In this paper a novel algorithm for corner detection based on the structure tensor of planar curve gradients is developed. Similar to the well-known Förstner [1], Harris [2] and Rohr [4], [5] detectors, the proposed detector computes the structure tensor of the gradient and seeks corners at the maxima of its determinant. Instead of using the image gradient however, the proposed detector uses the contour's gradient vectors. The gradient correlation matrix (GCM) formulated using Lagrange multipliers only requires calculation of the first derivative of the planar curves. This is advantageous as avoiding the higher order derivatives reduces the effect of noise. A small ROS radius may then be used to improve corner localization and to prevent nearby features from merging. Consequently, the proposed detector offers a high detection rate along with good localization performance. The main contributions and organization of this paper are as follows:

• Firstly, we introduce the motivation for using GCMs by analyzing the gradient feature distribution in the plane spanned by the gradients of planar curves, and formulate the GCM by least squares and the Lagrange multiplier method, where the GCM is viewed as the structure tensor of planar curve gradients.
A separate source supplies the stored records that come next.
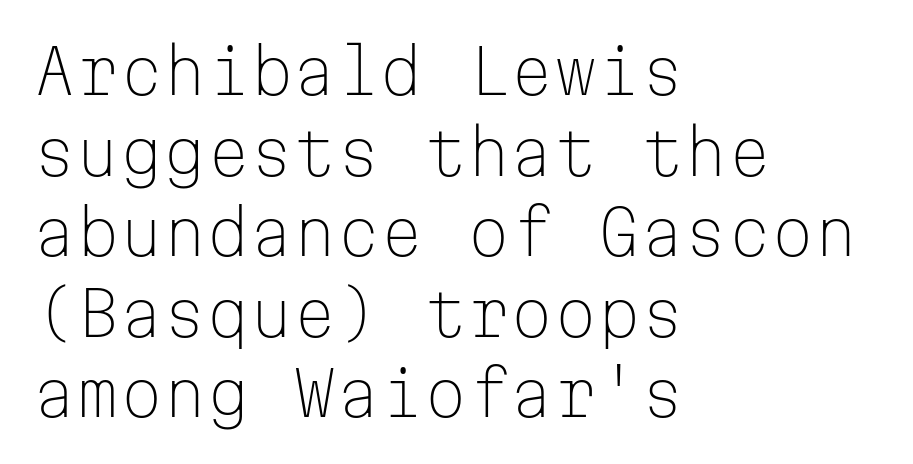
In terms of leading, this rendering sits right in the middle. These glyphs show unthickened strokes, regular width or finer. Which margin do the lines hug? The left one — the right edge is uneven. This sample uses plain, unmodified letter spacing.
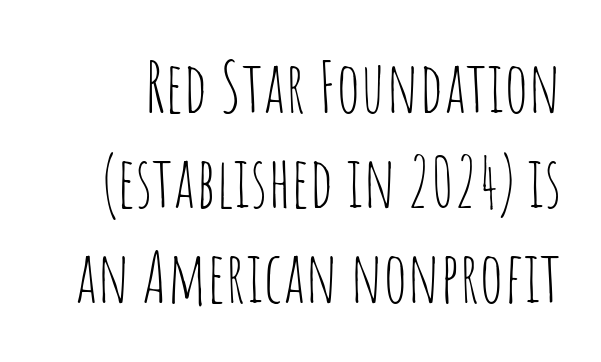
A typesetter would call this proportional, since set widths differ per character. Counters stay open thanks to moderate or lighter strokes. The designer left line spacing at the default. The glyphs in this specimen are sans serif. Glyph-to-glyph distance matches everyday printed text.
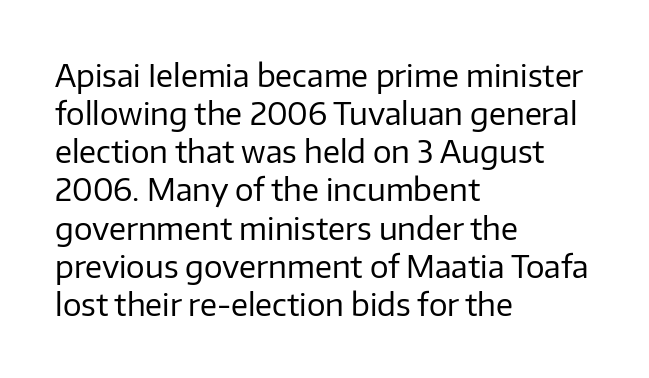
The specimen reads as upright at a glance. Plain, unruled lines of type. The rendering keeps characters at their native spacing. Stem width sits at or under what a default text font uses.
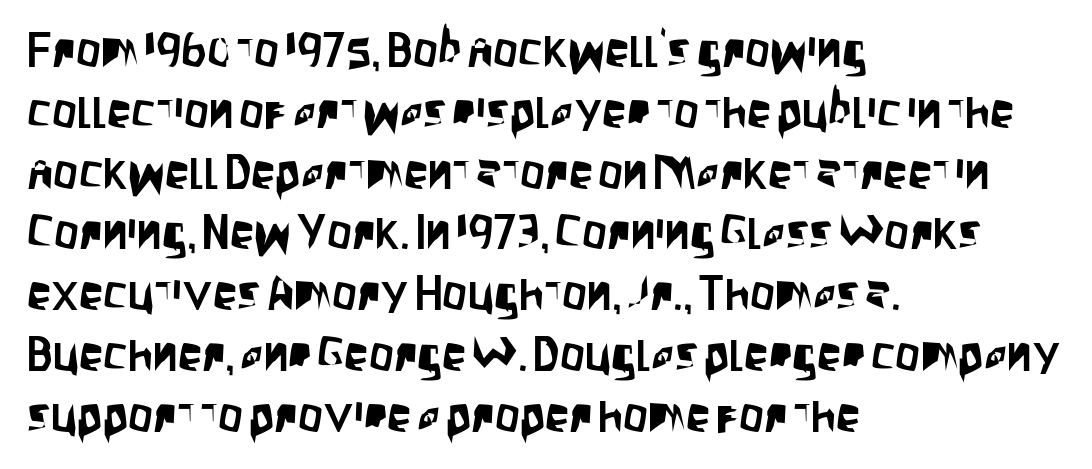
Q: Is the text italic (slanted)? A: No, it is upright.
Q: Is the typeface a serif or a sans-serif typeface? A: Sans-serif.
Q: Is the text underlined? A: No.
Q: How is the paragraph aligned? A: Left-aligned.
Q: Is the spacing between letters normal or unusually wide? A: Normal.
Q: Width (condensed, normal, or wide)? A: Condensed.
Q: Stroke contrast? A: Low.
Q: x-height? A: Large.
Q: Monospaced? A: No.
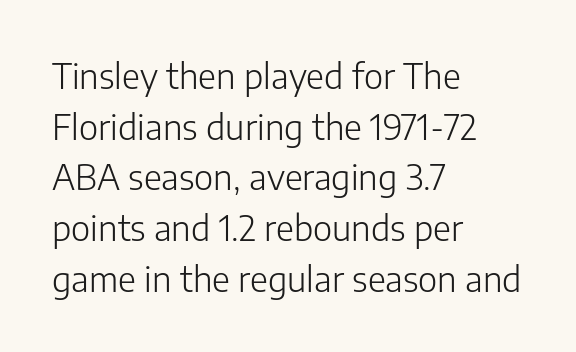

• Secondly, we analyze the geometric properties of the GCM based on typical corner models [10], and find that the local maxima of the determinant of the GCMs correspond to the positions of dominant (corner) points. Numerical simulations based on the discrete END model are given to illustrate the behavior of the determinant of the GCMs, with experimental results used to validate this theoretical analysis. From this analysis, it follows that the determinant of the GCMs can be used as a “cornerness” measure of planar curves.

• Finally, we perform a comprehensive evaluation of the detection and localization performances of the proposed detector using the ACU [11] and the localization error (LE) [14], [27] criteria. The proposed GCM corner detector has a strong corner position response along with a high detection rate and a good localization performance, in terms of the ACU and LE criteria.